In other words, the nonliteral open comparison that underlies line 11 concerns an activity which relates the
concepts of "lily" and "sweetness," and two referents related by the activity concept of "folding up." In its turn,
"sweetness" is a metaphorically used word, but it should be realized that it is not metaphorical because it would
belong to the same source domain as the activity of folding up. Instead, it is metaphorical because it involves a
(highly conventional) cross-domain mapping between taste and smell. In this context, it is therefore more
closely related to the domain of the lily than to the neutral, physical activity of folding something up. What is
required for the metaphorical nature of "sweetness" is a separate analysis, which is embedded in the analysis of
the complete line. In fact, "sweetness" is an implicit metaphor (Steen "Analyzing Metaphor"), but its detailed
analysis would lead us too far away from our present concerns. Let me therefore simply make the general point
that the analysis of linguistic metaphor at word level does not preempt a consideration of metaphor at higher
levels of linguistic organization. Indeed, the study of such higher levels becomes more precise and richer if it
can be based in an analysis at word level.

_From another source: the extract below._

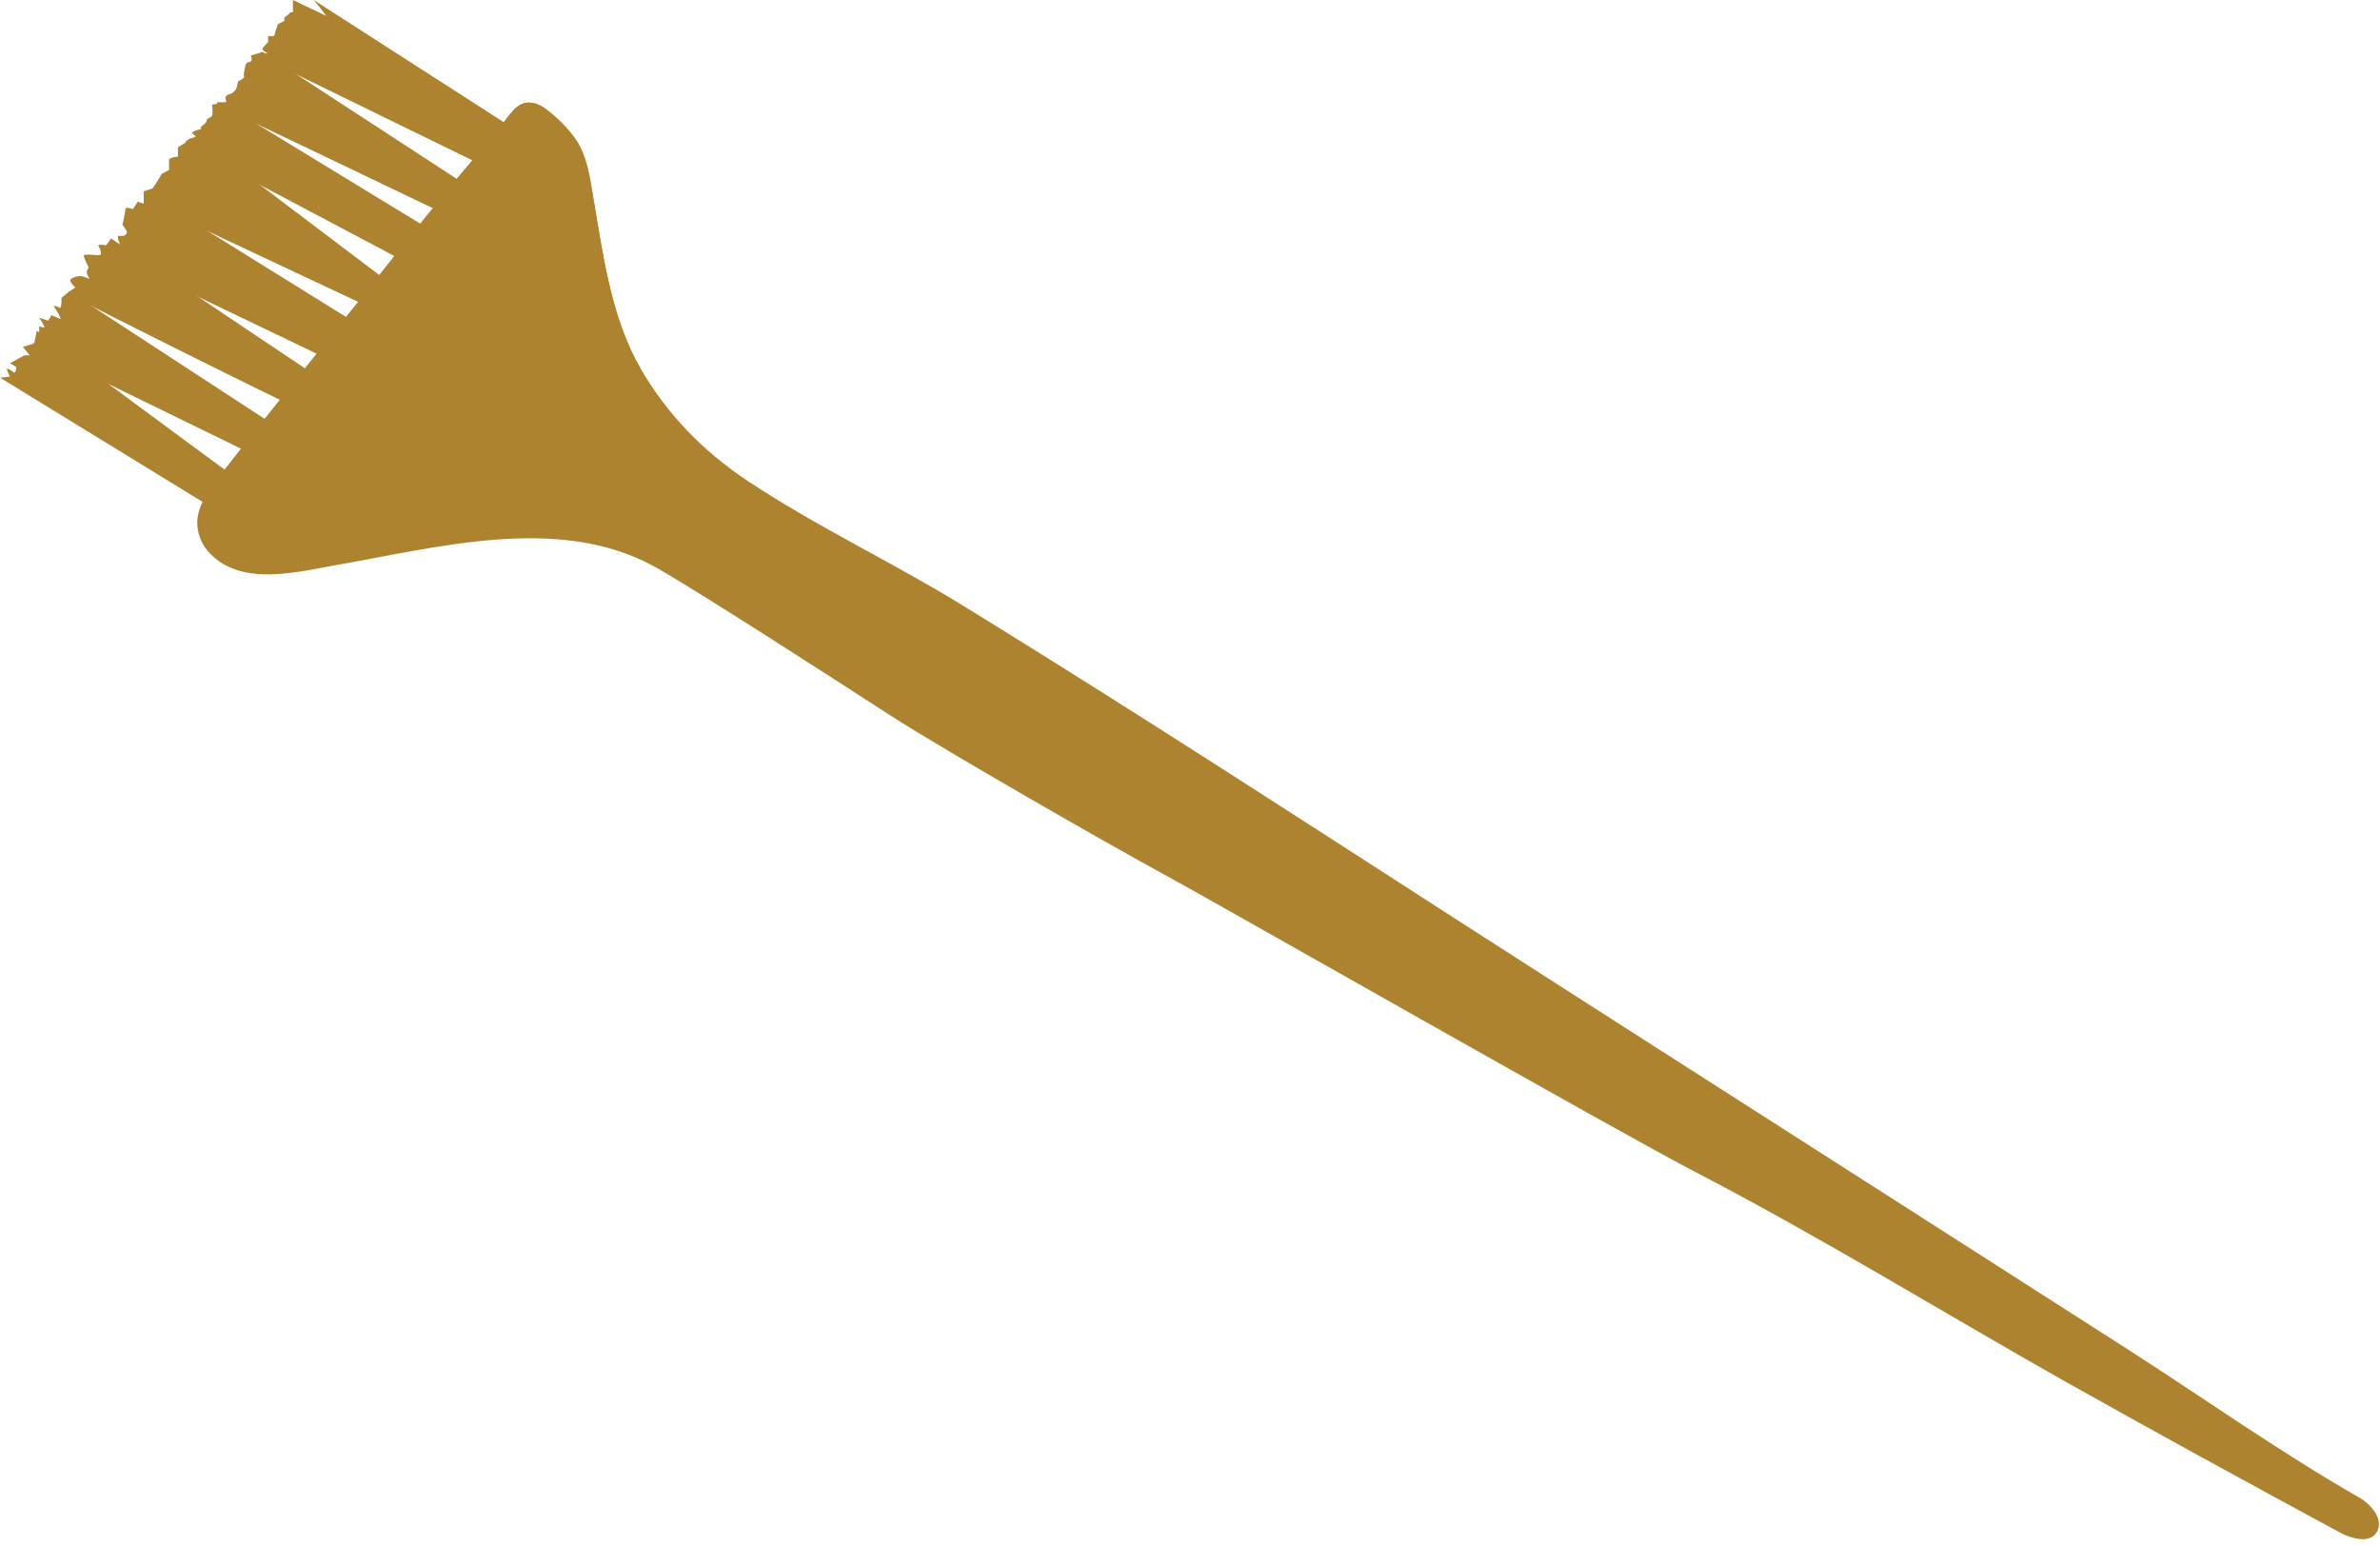<?xml version="1.0" encoding="UTF-8" standalone="no"?><svg xmlns="http://www.w3.org/2000/svg" xmlns:xlink="http://www.w3.org/1999/xlink" fill="#000000" height="311.9" preserveAspectRatio="xMidYMid meet" version="1" viewBox="0.0 0.0 480.2 311.9" width="480.2" zoomAndPan="magnify"><g id="change1_1"><path d="M479.8,308.6c-1.2,3.3-5.8,1.7-7.9,0.5c-18.5-10-37-20.1-55.3-30.4c-24.8-14-49.1-29-74.3-42.1 c-14.6-7.5-97.7-54.9-107.5-60.2c-9.8-5.3-44.1-24.9-55.4-32.2c-11.3-7.3-39.6-25.6-47.4-29.9c-19.3-10.6-43.9-3.8-64.1-0.3 c-8,1.4-19,4.4-25.5-2.3c-1.6-1.6-2.6-3.9-2.6-6.2c0-4,3.1-7.6,5.4-10.6C51.7,86.6,58.4,78.3,65,70c2.4-3,4.8-6,7.2-9 c2.8-3.5,5.5-7,8.3-10.5c3.8-4.7,7.5-9.4,11.4-14.1c2.4-2.9,4.9-5.7,7.2-8.6c1.1-1.3,2.2-2.6,3.2-4c0.9-1.1,1.8-2.4,3.2-2.9 c1.7-0.6,3.5,0.2,4.9,1.3c2.2,1.7,4.5,4,6,6.3c2,3.1,2.6,7.2,3.2,10.8c2,11.7,3.6,24.6,9.6,35c5.5,9.4,12.6,16.7,21.6,22.7 c14,9.3,29.2,16.4,43.5,25.2c2,1.2,4,2.5,6,3.7c30.7,19,61.1,38.7,91.5,58.3c30.6,19.7,61.2,39.2,91.8,58.8 c15.5,9.9,30.9,19.8,46.4,29.7c15.2,9.8,30.2,20.4,45.9,29.4c1.3,0.7,2.6,1.9,3.4,3.2C479.9,306.3,480.2,307.5,479.8,308.6z" fill="#ad8330"/></g><g id="change2_1"><path d="M102.8,25.4l-3.3,9l-47.1-23c0,0,0.3-0.5,0.3-0.8c0.1-0.3,0.4,0.1,1,0.2c0.7,0.1-0.4-0.4-0.7-0.7 s0.6-1,0.8-1.3s0.3-0.3,0.3-0.3s0-1,0-1.1c0-0.2,0.4-0.1,0.9-0.1c0.5,0,0.4-0.4,0.6-1.1c0.2-0.6,0.5-1.4,0.6-1.4 c0.1,0,1.2-0.6,1.2-0.6s-0.1-0.6,0-0.7s0.8-0.5,1-0.8c0.1-0.4,0.7-0.1,0.7-0.3c0-0.1,0-2.4,0-2.4s6.5,3.1,6.7,3.2S63.3,0,63.3,0 L102.8,25.4z M42.8,21.1c0,0,0.2,1.8,0,2.2c-0.2,0.4-1,0.7-1,0.7s-0.1,0.6-0.4,0.9s-1.4,0.9-0.7,1.1c0,0-0.5,0.1-1.1,0.3 s-0.9,0.5-0.9,0.5l0.9,0.8L38.2,28l-0.8,0.6c0,0,0.7,1,0.9,1.1s1.3,0.8,1.3,0.8L82.1,53l3.8-7.2l-41-25L42.8,21.1z M29,41.1 l-1.2-0.4l-1,1.5c0,0-1.5-0.6-1.5,0c0,0.6-0.6,3.1-0.6,3.1l0.9,1.4c0,0,0,0.9-0.9,0.9s-0.9,0-0.9,0v0.6l0.9,2.5l-1.8-0.7l-0.6,1.4 l45.2,21.7l2.4-9.1L29,38.6V41.1z M12.4,60.1v1c0,0-0.1,1.3-0.4,1s-1.2-0.4-1.2-0.4s2,3,1.2,2.6c-0.8-0.4-1.6-0.7-1.6-0.7l-0.7,1.1 l-1.8-0.6c0,0,1.3,1.9,1,2s-1-0.5-1-0.1s0,2.6,0,2.6S9,69.2,8.7,69c-0.4-0.1-1.8,0.3-1.8,0.3l-0.4-0.1l1.5,1.5l42.4,20.7l3.9-6.3 L14,58.8L12.4,60.1z" fill="#ad8330"/></g><g id="change3_1"><path d="M93.4,36.9L89.4,43c0,0-44.8-21.5-45.3-21.6c-0.6-0.1-0.3-0.9,0-0.8c0.3,0.1,0.9,0,1.4,0 c0.4,0-0.1-0.4,0-0.9c0.1-0.5,0.6-0.7,0.8-0.7s0.4-0.1,1-0.6c0.6-0.6,0.5-1.2,0.7-1.8s0,0,0.8-0.6c0.8-0.6,0.3-0.4,0.4-1.2 c0.2-0.8,0.2-1.6,0.5-2c0.3-0.4,0.5-0.1,0.9-0.4c0.4-0.3,0-1.2,0-1.2l2.3-0.7L93.4,36.9z M35.9,29.7v1.9c0,0-1.8,0.1-1.8,0.7 c0,0.6,0,2,0,2l-1.5,0.8c-0.6,1.2-1.8,2.9-1.8,2.9L29,38.6l2.8,3.3l44.7,21l1.1-6.6L39.5,27.5L35.9,29.7z M21.3,49.5 c-0.3-0.1-1.7-0.3-1.4,0.2s0.9,1.8,0,1.8s-3.2-0.4-3,0.2c0.2,0.7,1,2.3,1,2.3s-0.2,0.1-0.4,0.8c-0.1,0.7,0.9,1.7,0.3,1.4 c-0.6-0.3-1.2-0.5-1.7-0.5s-2.1,0.4-1.9,1s1,1.3,1,1.3l-1.5,1c0,0,3,1.6,3.4,2s40.5,20.4,41,20.4c0.6,0,4.3-6.5,4.3-6.5l-40-26.8 C22.4,48.1,21.5,49.6,21.3,49.5z M7.3,66.7C7.3,66.7,7.3,66.7,7.3,66.7C7.3,66.7,7.3,66.7,7.3,66.7z M6.9,69.3l-2.3,0.7L6,71.7 c0,0-0.9-0.1-1.3,0.1s-2.7,1.5-2.7,1.5s1.4,0.7,1.3,0.9s-0.1,1.4-0.7,0.8c-0.7-0.5-1.2-0.8-1.2-0.5s0.6,1.5,0.6,1.5L0,76.2L43.7,103 l3.7-6.7c0,0-38.8-28.6-40-29.6C7.4,67,6.9,69.3,6.9,69.3z" fill="#ad8330"/></g><g id="change4_1"><path d="M133.4,94.1c-0.4,1.5-1.7,2.6-2.9,3.3c-1.2,0.7-2.5,1.1-3.9,1.4c-3.9,0.8-7.8,0.7-11.8,0.8 c-4.1,0.1-8.2,0.3-12.4,0.7c-17.2,1.5-33.8,9.6-51.2,8.1c-3.2-0.3-7.1-1.1-9-4c-0.7-1.1-1-2.4-1.1-3.6c1.1-2.1,2.7-4,4.1-5.8 C51.7,86.6,58.4,78.3,65,70c2.4-3,4.8-6,7.2-9c2.8-3.5,5.5-7,8.3-10.5c3.8-4.7,7.5-9.4,11.4-14.1c2.4-2.9,4.9-5.7,7.2-8.6 c1.1-1.3,2.2-2.6,3.2-4c0.9-1.1,1.8-2.4,3.2-2.9c1.7-0.6,3.5,0.2,4.9,1.3c2.2,1.7,4.5,4,6,6.3c2,3.1,2.6,7.2,3.2,10.8 c2,11.7,3.6,24.6,9.6,35c0,0,0,0,0,0c-0.1,2.3,0.1,4.7,0.7,7c0.7,2.9,1.9,5.6,2.9,8.4C133.3,91.1,133.8,92.7,133.4,94.1z" fill="#ad8330"/></g></svg>

Even though it is possible to have such multiple and other complex linguistic structures when it comes to the
verbal expression of metaphor, it is striking that the present poem does not make much use of them. Our two
examples are the only clear cases, with the exception of "leaves a shining furrow" in lines 9-10 (which has an
inexplicably low identification score for "leaves"). Apart from these cases, however, the bulk of the metaphors in
this poem consists of verbs used as finite predicates, as may be observed from the following list: "sleeps" (1),

deleted "sleeps" (I), "waves" (2), "winks" (3), "droops" (but questionable, in line 5), "glimmers" (6), "lies" (7),
"lies" (8), "slides on" (9), "leaves" (9), "folds up" (11), "slips" (12), "fold" (13), "slip" (13), "lost" (14). In fact,
there is hardly a predication in the poem that does not have a metaphorical predicate.

The variation regarding linguistic metaphor in this poem derives, then, from the addition of other metaphorical
elements to the predominantly metaphorical verbs, such as the adjective "open" in line 8, or the adverbial
adjunct "like a ghost" in lines 5 and 6. Moreover, there is further variation on account of the words that have
word-internal metaphoricity, as in "milk white" or "gold fin." (I am leaving aside problems of orthography and
conventionalized compounds here.) But these are not the most interesting patterns of linguistic metaphor in the
poem, as may now be finally shown by a more stylistically and rhetorically oriented analysis (cf. my "Analyzing
Metaphor" and "Rhetoric of Metaphor").

There is even more formal variation in the metaphorical alignments of complete discourse units that also
happen to have metaphorical structure inside them. This is a pattern that becomes increasingly prominent as
the poem progresses. And the comparison is always between an element of the natural world that functions as
a setting to the poem on the one hand and some aspect of the beloved on the other, in that order. The poem
may be viewed as a progressively explicit and increasingly complex series of analogies.

In the first stanza, there is only a literal comparison between units, and within one line at that, in line 4: "The
fire-fly wakens: waken thou with me." The next couplet contains a metaphorical comparison between the
drooping of a peacock in line 5 and the glimmering of the female in line 6, but its metaphorical nature is leveled
because both lines contain the identical expression "like a ghost." Lines 7 and 8 contain another metaphorical
comparison between two units, which this time, however, is complicated by the novel expression "lies all
Danae." The first complete and typical metaphorical comparison between two units, therefore, is only to be
found in the third couplet, where we have left the earth of the previous couplet and are looking at the sky. But
here, too, there is a formal complication, in that the second member of the analogy is expressed by deletion:
"Now slides the silent meteor on, and leaves / a shining furrow, as thy thoughts [slide on and leave a shining
furrow] in me." This is a case whe re the propositional reconstruction at step 2 is more hazardous than the one
for the elliptical metaphor in line 1, discussed at the beginning of this paper. The formal climax of the poem,
therefore, lies in the last stanza, which takes two lines to express the natural point of reference and then needs
two more lines to suggest the personal point of reference that is to be compared with it.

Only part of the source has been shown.